Berdasarkan Peraturan Presiden (Perpres) Nomor 191 Tahun 2014‎ pengguna BBM tertentu hanya ditujukan bagi rumah tangga, usaha mikro, usaha pertanian, usaha perikanan, transportasi, dan pelayanan umum. Namun ini sangatlah janggal sekali dikerenakan gudang Ini tampak jelas dari jalan lintas Simpang beringin – Meredan.

Temuan Awak Media dilapangan pada Kamis malam (19/11/2020) di Desa Beringin, Kecamatan Bandar Seikijang, Kabupaten Pelalawan, Provinsi Riau, ditemukan adanya sebuah gudang yang diduga dijadikan tempat penimbunan BBM bebas melakukan aktifitasnya tanpa ada tindakan dari pemerintah setempat.

Saat ditemui, pemilik Gudang mengaku pusing lantaran sudah 6 Wartawan  dari pagi hingga malam  yang datang menghampirinya.
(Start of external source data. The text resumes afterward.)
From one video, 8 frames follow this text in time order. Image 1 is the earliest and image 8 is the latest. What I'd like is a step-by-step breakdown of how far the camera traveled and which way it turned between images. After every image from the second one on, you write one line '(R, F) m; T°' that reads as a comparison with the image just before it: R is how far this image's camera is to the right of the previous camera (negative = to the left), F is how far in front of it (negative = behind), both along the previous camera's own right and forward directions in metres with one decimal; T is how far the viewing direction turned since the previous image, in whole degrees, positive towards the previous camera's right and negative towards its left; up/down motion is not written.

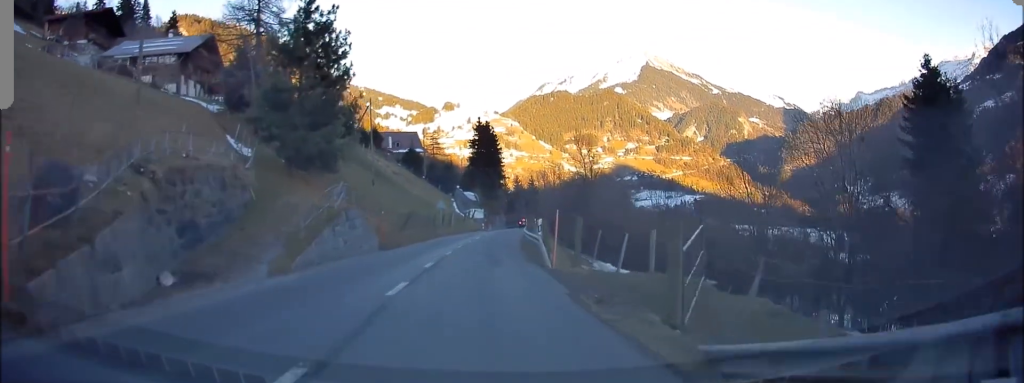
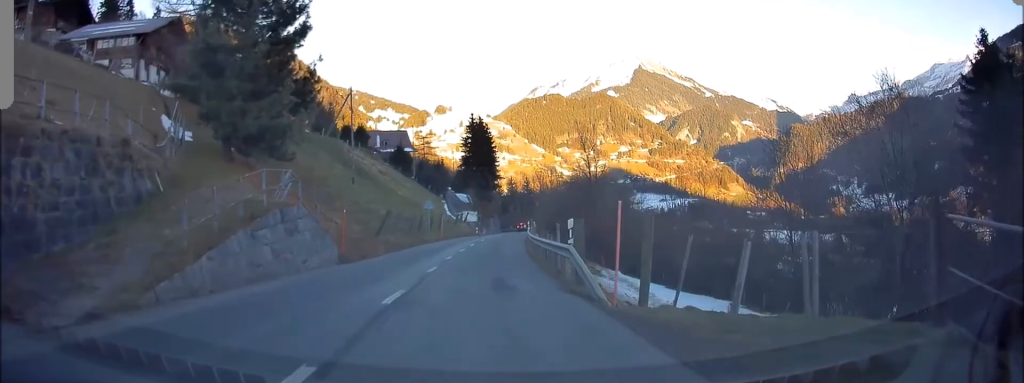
(0.0, +7.0) m; +1°
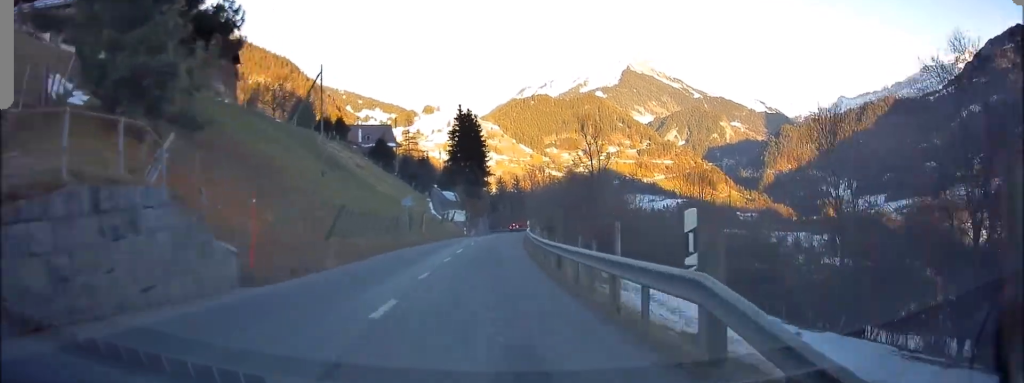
(-0.1, +8.3) m; +1°
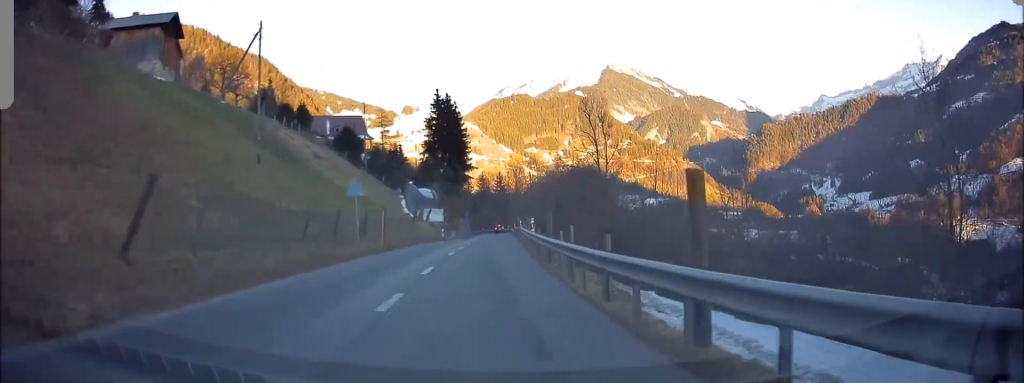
(+0.2, +11.7) m; +2°
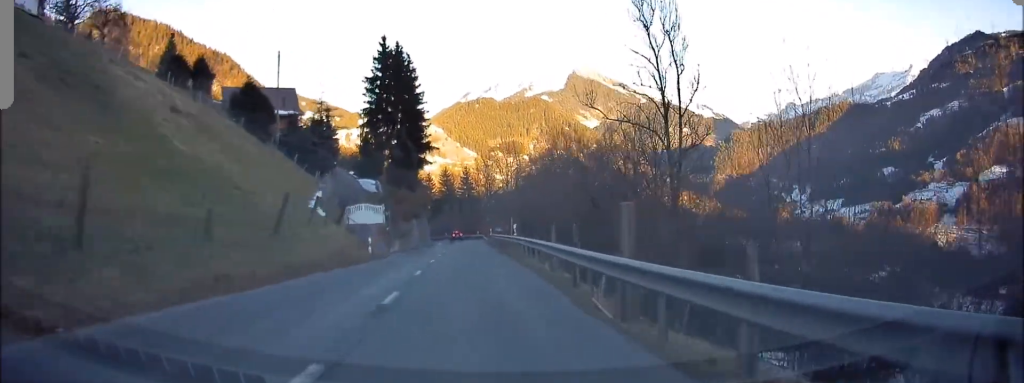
(+0.9, +25.3) m; +3°
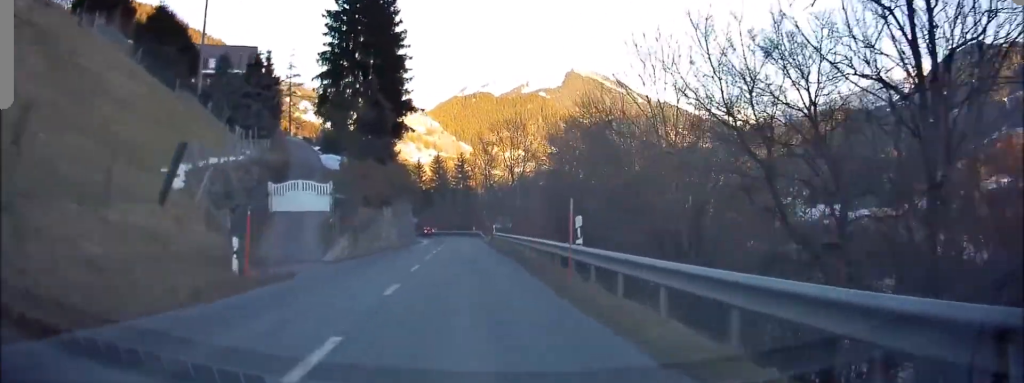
(+0.1, +17.3) m; +1°
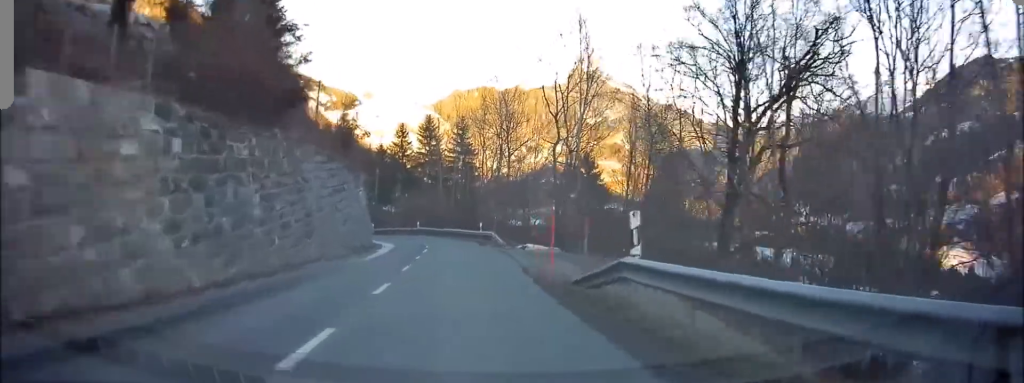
(+0.1, +35.1) m; 0°
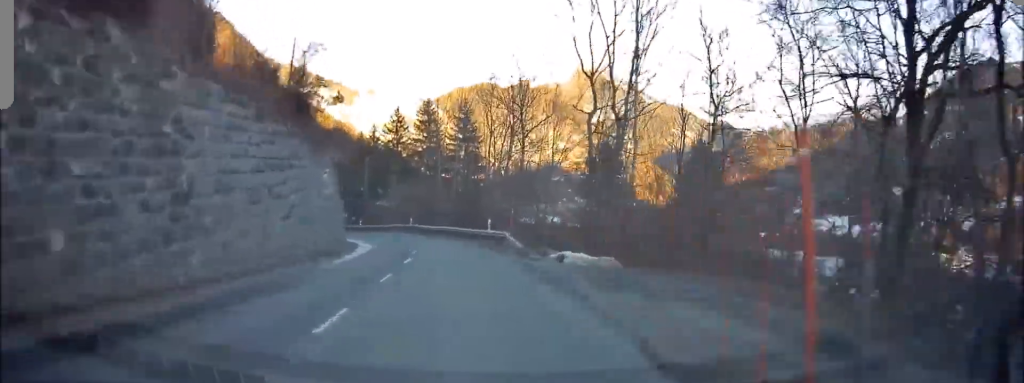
(0.0, +9.6) m; -1°
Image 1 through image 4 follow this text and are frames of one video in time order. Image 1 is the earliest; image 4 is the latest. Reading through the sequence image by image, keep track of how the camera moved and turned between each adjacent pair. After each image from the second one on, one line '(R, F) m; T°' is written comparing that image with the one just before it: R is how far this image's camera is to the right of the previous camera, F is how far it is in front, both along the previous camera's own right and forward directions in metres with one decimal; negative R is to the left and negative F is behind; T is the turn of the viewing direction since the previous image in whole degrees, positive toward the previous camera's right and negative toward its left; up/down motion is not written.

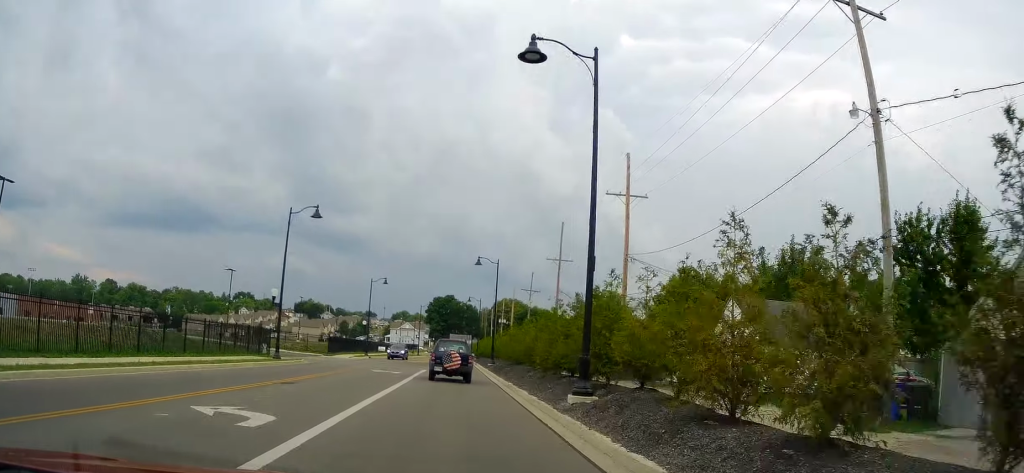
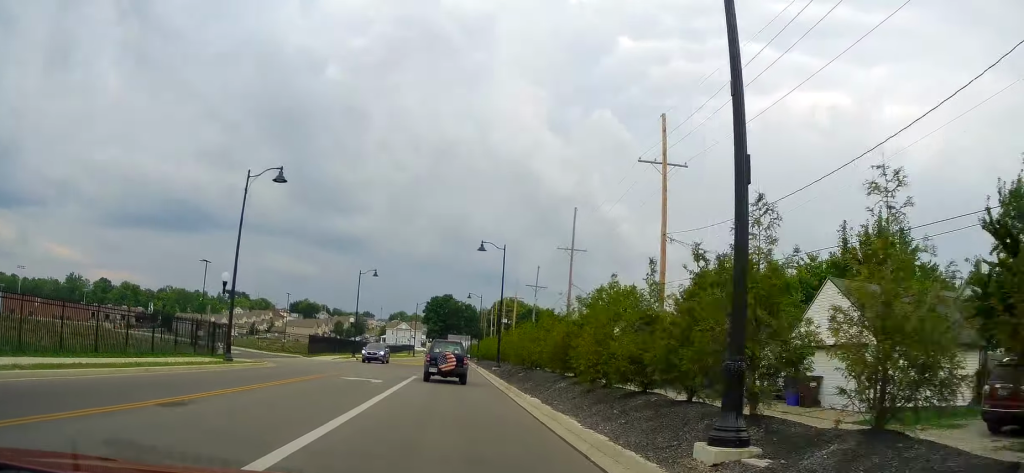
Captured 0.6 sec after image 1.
(-0.3, +7.9) m; -3°
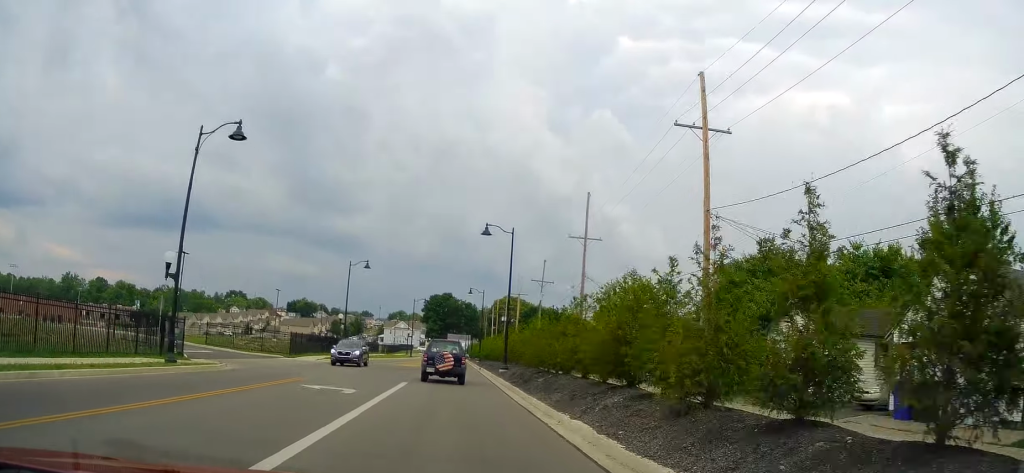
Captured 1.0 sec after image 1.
(-0.2, +6.1) m; -1°
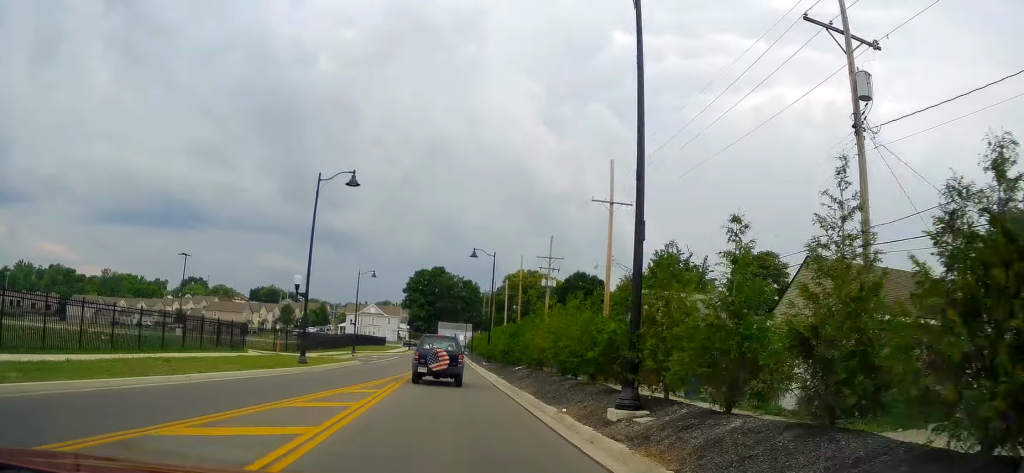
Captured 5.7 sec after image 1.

Pemilik gudang sempat melontarkan kata-kata kotor kepada anggota kerjanya lantaran pintu gudangnya dibuka, Pantek Kau, Pantek Kau, tutup pintu gudangnya, ini ada Wartawan, ujarnya, Ngapaen kau buka pintunya ujar si pemilik gudang tersebut dengan nada tinggi dan memaki.

“Seharusnya mereka yang diduga melakukan menimbunan BBM yang hanya untuk memperkaya diri sendiri diberikan sangsi oleh pihak terkait,” ungkap Dien Puga Ketua Dewan Perwakilan Daerah (DPD) Jaringan Pendamping Kebijakan Pembangunan (JPKP) Kabupaten Pelalawan Provinsi Riau. Ketika dikonfirmasi media ini pada Kamis malam (19/11/2020) melalui saluran telepon.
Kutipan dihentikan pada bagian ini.